Truly impressive work - out of interest how much time would you get from instruction to completion for a project like this?
This was a fairly short timescale for something on this scale, being installed in such a difficult location - I think it kicked off about last October, & install started early May, so about 6 months. The biggest problem is usually getting a definite "Go" from the end client to start manufacturing, as it often needs signoff from all sorts of different people, many of whom rarely appreciate leadtime issues. For stuff on this scale you also have things like signoff from structural engineers and the people in charge of the building. Leadtime on this was a particular issue as carbon fibre has fairly long cure times, and the manufacturer has finite autoclave capacity. They were working round the clock for at least a couple of weeks.
I'm just wondering whether you get a lot of test time on the bench before everything gets hoisted into the air.
I do try to insist on some burn-in time where possible, however this very often disappears due to other parts of the project running late. Failures after install can be costly, but sometimes preferable to not being able to finish in time for an opening.
It can also be difficult, because as well as the actual fixtures, you also need all the cabling, PSUs etc. and things as simple as having the physical space to set it all up can be a major problem.
One thing I always do at the design stage is test PSUs and anything that handles significant power at full load for at least day or two. PSUs are also never run at more than about 50-75% of their rating. Many PSU specs are somewhat optimistic - e.g. I once had a Traco DIN-rail unit that when running at 70%, the air coming out of the top hit 75 deg.C at 25 deg ambient - needless to say that didn't make it to the final install - we used a PULS unit that ran at about 40 deg.
My general rule on heating is the finger test - if you can't hold your finger on it, it's too hot.
Some things can be done at the design stage to reduce risk, e.g. designing an architecture which is at some level a number of identical parts which aren't dependent on others, so if one works, there is negligible risk that you will hit scaling issues.

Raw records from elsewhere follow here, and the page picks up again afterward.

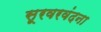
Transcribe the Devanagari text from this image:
सूरवरवंदना
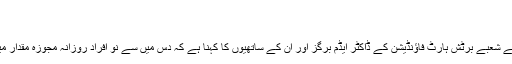
"
ریسرچ ٹیم کے سربراہ ڈاکٹر برگز
آکسفورڈ یونیورسٹی میں صحت میں اضافے کے لیے کام کرنے والے شعبے برٹش ہارٹ فاؤنڈیشن کے ڈاکٹر ایڈم برگز اور ان کے ساتھیوں کا کہنا ہے کہ دس میں سے نو افراد روزانہ مجوزہ مقدار میں سے ایک حصہ ہی پھل اور سبزی کھانے میں کامیاب رہتے ہیں۔
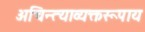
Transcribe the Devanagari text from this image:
अचिन्त्याव्यक्तरूपाय
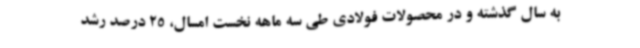
به سال گذشته و در محصولات فولادی طی سه ماهه نخست امسال، 25 درصد رشد
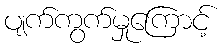
ပျက်ကွက်မှုကြောင့်
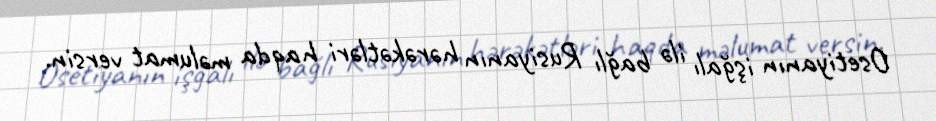
Osetiyanın işğalı ilə bağlı Rusiyanın hərəkətləri haqda məlumat versin.
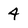
Character: 4
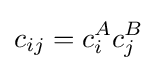
c_{ij}=c_{i}^{A}c_{j}^{B}
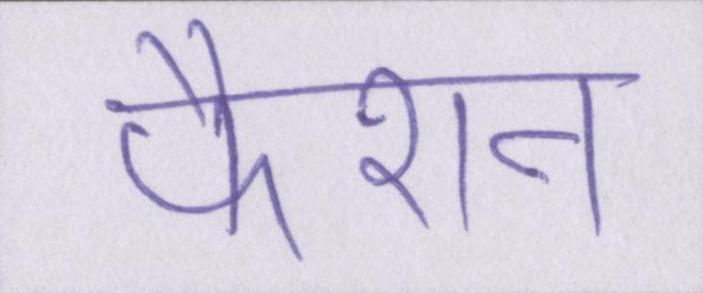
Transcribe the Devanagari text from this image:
फैशन
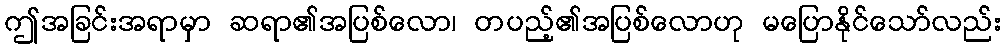
ဤအခြင်းအရာမှာ ဆရာ၏အပြစ်လော၊ တပည့်၏အပြစ်လောဟု မပြောနိုင်သော်လည်း
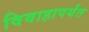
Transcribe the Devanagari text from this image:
विवाहापर्यंत
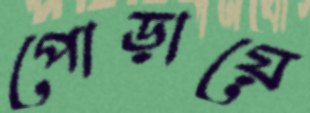
পোড়ায়ে
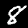
Label: 8
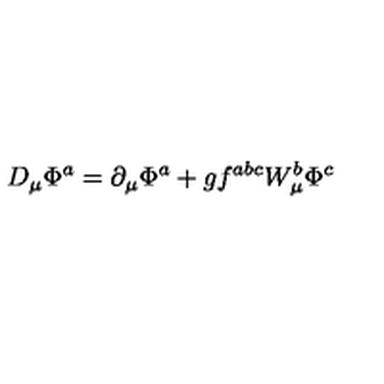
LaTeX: D _ { \mu } \Phi ^ { a } = \partial _ { \mu } \Phi ^ { a } + g f ^ { a b c } W _ { \mu } ^ { b } \Phi ^ { c }
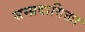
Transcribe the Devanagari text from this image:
सम्प्रदायिक्ता
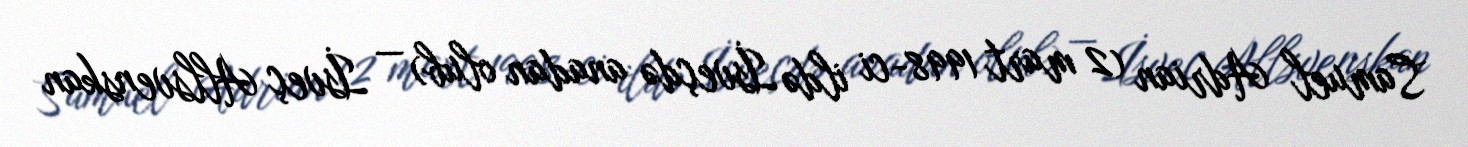
Samuel Adrian (2 mart 1998-ci ildə İsveçdə anadan olub) — İsveç Allsvenskan
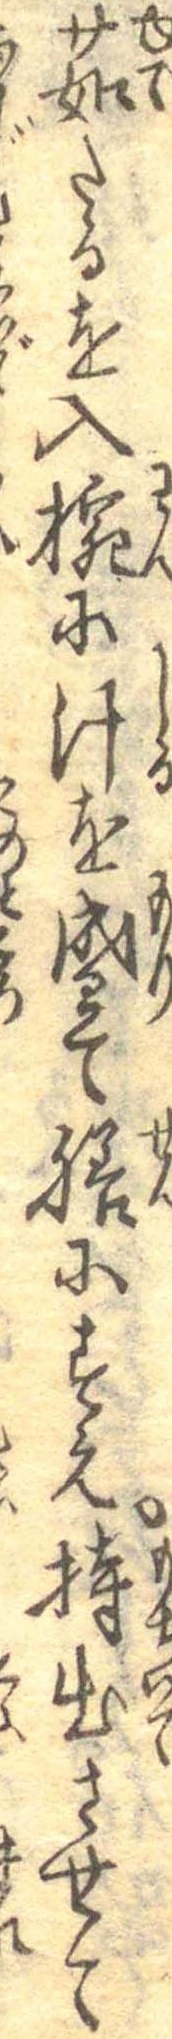
茹たるを入椀に汁を盛て膳にすえ持出させて
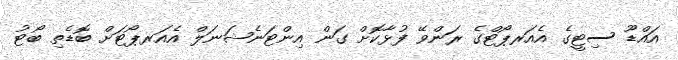
އައްޑޫ ސިޓީގެ އެއަރޕޯޓްގެ ރަންވޭ ފުޅާކޮށް ގަން އިންޓަނެޝަނަލް އެއަރޕޯޓަށް ބޮޑެތި ބޯޓު
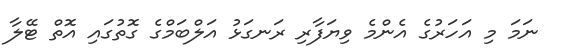
ނަމަ މި އަހަރުގެ އެންމެ ވިޔަފާރި ރަނގަޅު އަލްބަމްގެ ގޮތުގައި އޮތް ޓޭލާ
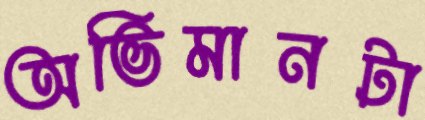
অভিমানটা
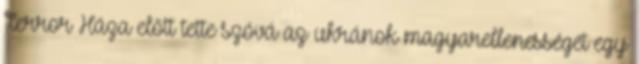
Terror Háza előtt tette szóvá az ukránok magyarellenességét egy
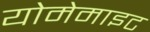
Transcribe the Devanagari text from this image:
योमेमाइट
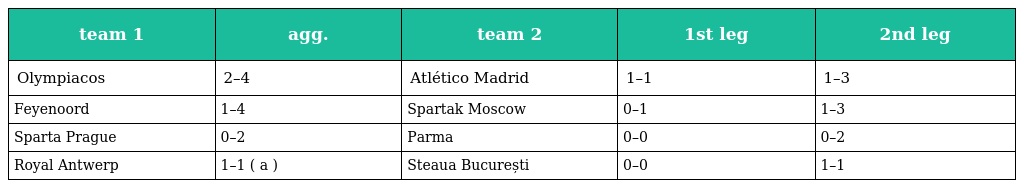
| team 1 | agg. | team 2 | 1st leg | 2nd leg |
 | --- | --- | --- | --- | --- |
 | Olympiacos | 2–4 | Atlético Madrid | 1–1 | 1–3 |
 | Feyenoord | 1–4 | Spartak Moscow | 0–1 | 1–3 |
 | Sparta Prague | 0–2 | Parma | 0–0 | 0–2 |
 | Royal Antwerp | 1–1 ( a ) | Steaua București | 0–0 | 1–1 |
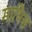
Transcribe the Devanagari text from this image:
माथिस
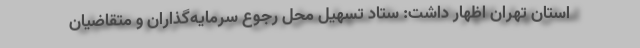
استان تهران اظهار داشت: ستاد تسهیل محل رجوع سرمایه‌گذاران و متقاضیان
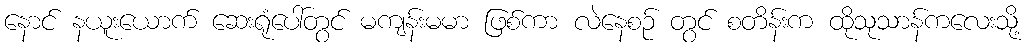
နောင် နယူးယောက် ဆေးရုံပေါ်တွင် မကျန်းမမာ ဖြစ်ကာ လဲနေစဉ် တွင် စတိန်းက ထိုသုသာန်ကလေးသို့
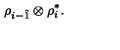
\rho _ { i - \hat { 1 } } \otimes \rho _ { i } ^ { \ast } .
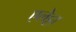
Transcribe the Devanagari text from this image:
एलेट्टा
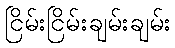
ငြိမ်းငြိမ်းချမ်းချမ်း
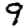
Digit: 9
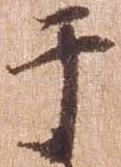
于
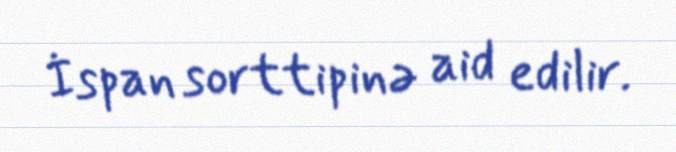
İspan sorttipinə aid edilir.
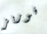
فوربز
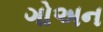
ગોઅન
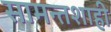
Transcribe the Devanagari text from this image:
सामन्तशाही
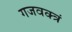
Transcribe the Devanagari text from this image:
गजवक्त्रं
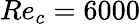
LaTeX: Re_{c}=6000
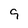
Character: 9
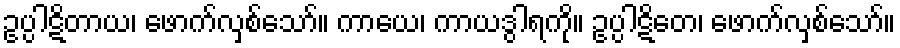
ဥပ္ပါဋိတာယ၊ ဖောက်လှစ်သော်။ ကာယေ၊ ကာယဒွါရကို။ ဥပ္ပါဋိတေ၊ ဖောက်လှစ်သော်။
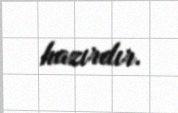
hazırdır.
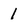
Character: 1
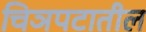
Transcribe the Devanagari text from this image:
चिञपटातील
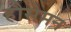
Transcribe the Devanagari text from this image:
हौसेमन
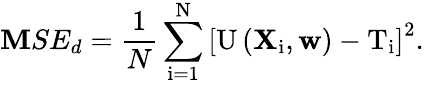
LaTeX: \mathbf{M}SE_{d}=\frac{{1}}{{N}}\sum_{\mathrm{{i}}=1}^{\mathrm{{N}}}\left[\mathrm{{U}}\left(\mathbf{{X}}_{\mathrm{{i}}},\mathbf{{w}}\right)-\mathrm{{T}}_{\mathrm{{i}}}\right]^{2}.
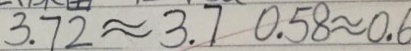
3 . 7 2 \approx 3 . 7 0 . 5 8 \approx 0 . 6
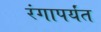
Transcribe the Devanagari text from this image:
रंगापर्यंत
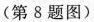
(第8题图)
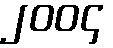
၂၀၀၄
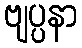
ဗျပ္ပနာ
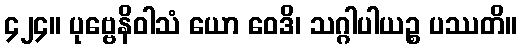
၄၂၄။ ပုဗ္ဗေနိဝါသံ ယော ဝေဒိ၊ သဂ္ဂါပါယဉ္စ ပဿတိ။
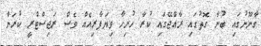
ގާނޫނުގައި ބުނާ ގޮތުގައި ރާއްޖޭގައި ކުރާ ހުރިހާ ވިޔަފާރިއެއް ވެސް ރަޖިސްޓްރީ ކުރަން
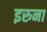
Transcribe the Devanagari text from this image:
इरुना
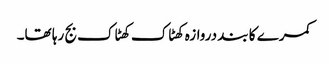
کمرے کا بند دروازہ کھٹاک کھٹاک بج رہا تھا۔
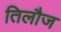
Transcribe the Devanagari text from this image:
तिलौज
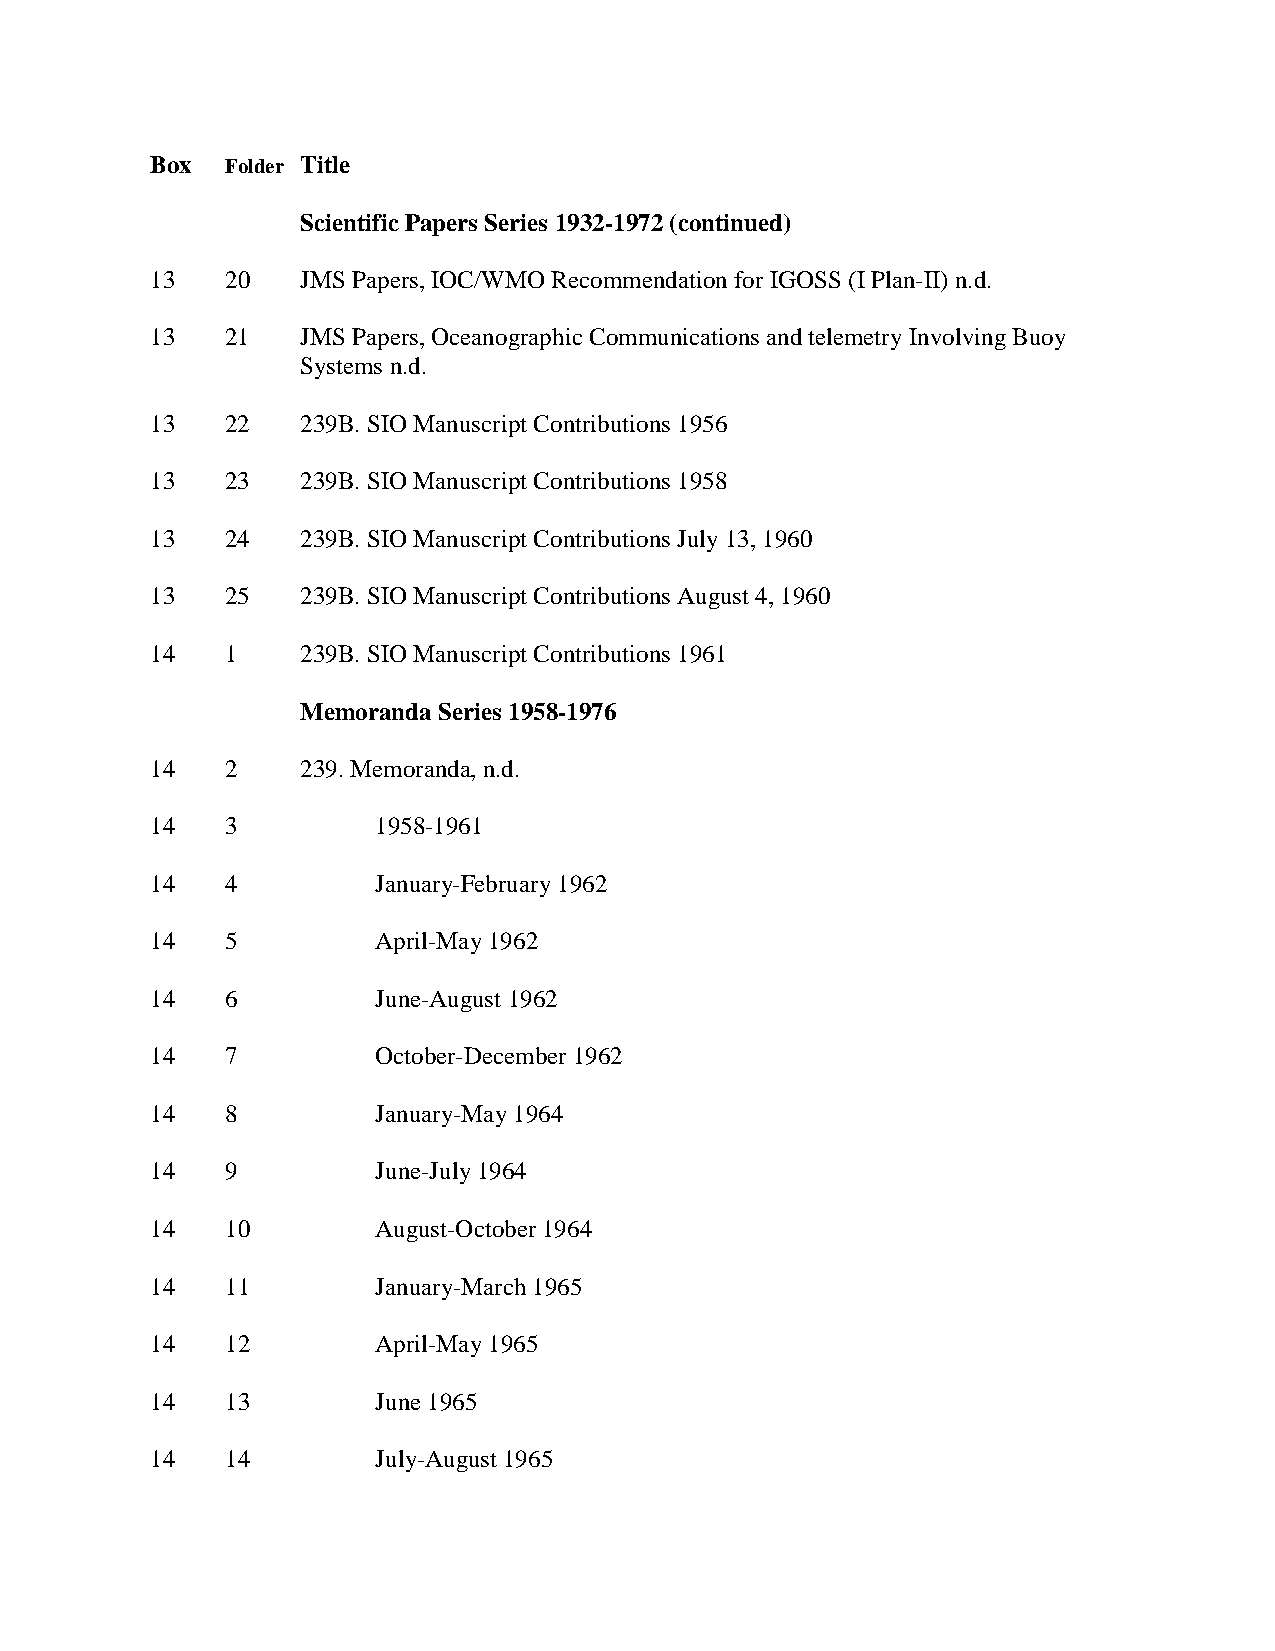
Box  Folder Title
 Scientific Papers Series 1932-1972 (continued)
 13   20   JMS Papers, IOC/WMO Recommendation for IGOSS (I Plan-II) n.d.
 13   21   JMS Papers, Oceanographic Communications and telemetry Involving Buoy
 Systems n.d.
 13   22   239B. SIO Manuscript Contributions 1956
 13   23   239B. SIO Manuscript Contributions 1958
 13   24   239B. SIO Manuscript Contributions July 13, 1960
 13   25   239B. SIO Manuscript Contributions August 4, 1960
 14   1    239B. SIO Manuscript Contributions 1961
 Memoranda Series 1958-1976
 14   2    239. Memoranda, n.d.
 14   3         1958-1961
 14   4         January-February 1962
 14   5         April-May 1962
 14   6         June-August 1962
 14   7         October-December 1962
 14   8         January-May 1964
 14   9         June-July 1964
 14   10        August-October 1964
 14   11        January-March 1965
 14   12        April-May 1965
 14   13        June 1965
 14   14        July-August 1965
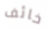
خائف
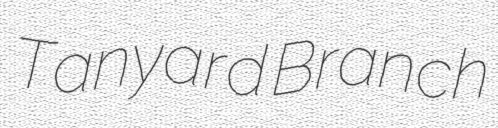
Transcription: Tanyard Branch

A good example of this is wireless setups - if the architecture is broadcast, with receive-only nodes, you know you won't hit bandwidth issues with larger numbers of nodes, however architectures like mesh networks or poll-reply & message forwarding can be very hard to fully test, and tend to have exponential failure modes as traffic increases. They can also be a complete bitch to faultfind.
This is one reason I like one-way comms with no readback mechanism - there are far fewer things to go wrong, and for a light installation, it's obvious visually if something isn't working, unlike something like a sensor network, where you want to know the difference between "sensor not currently detecting anything" and "sensor broken or missing".
Where you do need 2-way comms, I like using a time-slotted protocol so bandwidth is very well defined, and USB latency issues can be mimised (e.g. you send a "give me data" command, and each node replies in a timeslot defined by its ID, so you effectively get a single packet back with all the nodes' data) .
For this install, there is one thing you do need to read back, which is an indication of when the SPI flash has completed its erase time, which can typically be 10-20 seconds. As this is only done occasionally, and manually, the way I handled this is for the controller to display a bargraph on the LEDs indicating erase progress - the person doing the content uploading sends an erase command, and then watches for this to complete before programming.
The (much shorter) flash write times during programming are ensured by adding dummy bytes to the serial stream, so the baudrate guarantees sufficient write time.